Incidentally, you missed out one important category from your grammar lesson - distances, numbers and money when seen as amounts rather than quantities -
less than ten miles (it could be eight and a half, for example) - the temperature was less than 10 degrees. - it cost less than $20 ($18.95, possibly), 'a few years less' (Byron), and countable nouns seen as amounts - 'they pay less taxes now' etc
In fact the rule is much more complex than at first sight - in maths, for example it always 'less' - 8 times 2 is less than 6 times 3. Numbers follow 'no less' more often than 'no fewer, eg: 'No less than 1,800 slaves' - (Times Literary Supplement), and some usage writers find this quite acceptable. 'One' is followed by 'less' - 'That's one less thing to worry about'. Wouldn't 'one fewer thing' sound rather strange there? And sometimes it's used just for variety - this is from the Illustrated London News - 'There are fewer industries and less job openings'.
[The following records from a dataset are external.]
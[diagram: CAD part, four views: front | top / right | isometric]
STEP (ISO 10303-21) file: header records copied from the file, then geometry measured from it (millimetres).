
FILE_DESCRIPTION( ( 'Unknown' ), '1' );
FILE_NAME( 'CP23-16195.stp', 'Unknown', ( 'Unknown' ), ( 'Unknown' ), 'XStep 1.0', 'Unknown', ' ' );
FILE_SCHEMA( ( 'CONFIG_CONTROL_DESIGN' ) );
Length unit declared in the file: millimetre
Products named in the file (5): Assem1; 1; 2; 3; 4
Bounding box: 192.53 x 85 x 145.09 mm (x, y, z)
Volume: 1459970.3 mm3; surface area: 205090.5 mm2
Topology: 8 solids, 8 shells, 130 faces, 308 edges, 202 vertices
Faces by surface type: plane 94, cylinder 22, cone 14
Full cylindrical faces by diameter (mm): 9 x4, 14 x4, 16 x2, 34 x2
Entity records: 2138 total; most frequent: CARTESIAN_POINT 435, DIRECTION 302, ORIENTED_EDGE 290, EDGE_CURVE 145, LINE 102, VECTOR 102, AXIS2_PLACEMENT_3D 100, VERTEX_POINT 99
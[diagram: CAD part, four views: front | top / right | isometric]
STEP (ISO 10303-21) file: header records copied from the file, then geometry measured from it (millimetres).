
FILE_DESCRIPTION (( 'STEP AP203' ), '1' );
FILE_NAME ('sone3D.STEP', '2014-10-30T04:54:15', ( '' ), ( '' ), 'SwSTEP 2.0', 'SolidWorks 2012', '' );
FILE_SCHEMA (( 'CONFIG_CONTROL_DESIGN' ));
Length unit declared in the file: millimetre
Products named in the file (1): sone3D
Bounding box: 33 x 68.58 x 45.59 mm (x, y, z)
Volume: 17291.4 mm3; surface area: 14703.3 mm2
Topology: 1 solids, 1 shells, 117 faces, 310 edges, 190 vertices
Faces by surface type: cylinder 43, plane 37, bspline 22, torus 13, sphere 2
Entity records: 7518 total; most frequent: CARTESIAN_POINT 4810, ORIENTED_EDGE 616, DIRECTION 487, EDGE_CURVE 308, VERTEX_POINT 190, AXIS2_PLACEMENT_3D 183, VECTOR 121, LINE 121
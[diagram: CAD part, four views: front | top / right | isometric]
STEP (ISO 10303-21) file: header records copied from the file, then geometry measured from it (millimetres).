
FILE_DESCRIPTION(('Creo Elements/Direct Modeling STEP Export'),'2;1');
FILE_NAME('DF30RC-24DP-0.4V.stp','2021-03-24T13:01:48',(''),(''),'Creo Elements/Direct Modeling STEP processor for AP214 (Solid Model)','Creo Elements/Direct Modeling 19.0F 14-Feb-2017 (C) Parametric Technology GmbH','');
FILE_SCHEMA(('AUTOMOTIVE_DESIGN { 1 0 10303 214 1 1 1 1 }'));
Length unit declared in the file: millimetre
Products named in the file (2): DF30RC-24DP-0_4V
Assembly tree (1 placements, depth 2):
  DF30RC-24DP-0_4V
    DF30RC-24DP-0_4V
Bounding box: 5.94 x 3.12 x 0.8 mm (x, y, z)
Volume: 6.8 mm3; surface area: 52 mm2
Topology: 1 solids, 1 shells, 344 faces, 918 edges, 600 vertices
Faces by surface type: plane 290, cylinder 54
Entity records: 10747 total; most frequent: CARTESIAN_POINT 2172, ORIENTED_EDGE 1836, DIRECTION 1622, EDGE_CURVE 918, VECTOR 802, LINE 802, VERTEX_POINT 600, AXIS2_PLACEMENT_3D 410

In books, 'no less than N times' is much commoner than 'no fewer than N times'. And even more so before around 1800.
http://books.google.com/ngrams/graph?content=no+less+than+*+times%2Cno+fewer+than+*+times&year_start=1600&year_end=2008&corpus=15&smoothing=3&share=&direct_url=t2%3B%2Cno%20less%20than%20*%20times%3B%2Cc0%3B%2Cs0%3B%3Bno%20less%20than%20three%20times%3B%2Cc0%3B%3Bno%20less%20than%20four%20times%3B%2Cc0%3B%3Bno%20less%20than%20five%20times%3B%2Cc0%3B%3Bno%20less%20than%20seven%20times%3B%2Cc0%3B%3Bno%20less%20than%20six%20times%3B%2Cc0%3B%3Bno%20less%20than%20eight%20times%3B%2Cc0%3B%3Bno%20less%20than%20ten%20times%3B%2Cc0%3B%3Bno%20less%20than%20nine%20times%3B%2Cc0%3B%3Bno%20less%20than%20twelve%20times%3B%2Cc0%3B%3Bno%20less%20than%20eleven%20times%3B%2Cc0%3B.t2%3B%2Cno%20fewer%20than%20*%20times%3B%2Cc0%3B%2Cs0%3B%3Bno%20fewer%20than%20four%20times%3B%2Cc0%3B%3Bno%20fewer%20than%20three%20times%3B%2Cc0%3B%3Bno%20fewer%20than%20five%20times%3B%2Cc0%3B%3Bno%20fewer%20than%20six%20times%3B%2Cc0%3B%3Bno%20fewer%20than%20seven%20times%3B%2Cc0%3B%3Bno%20fewer%20than%20eight%20times%3B%2Cc0%3B%3Bno%20fewer%20than%20ten%20times%3B%2Cc0%3B%3Bno%20fewer%20than%20nine%20times%3B%2Cc0%3B%3Bno%20fewer%20than%20eleven%20times%3B%2Cc0%3B%3Bno%20fewer%20than%20fourteen%20times%3B%2Cc0
All this, together with the fact that we also use 'less' in constructions like 'less well prepared than last time' makes even the occasions when strict grammarians would insist on the use of 'fewer' a lot less common than those when we would normally use 'less'. Which is also perhaps why 'fewer' can sometimes sound awkward to some people - we just don't use it that much.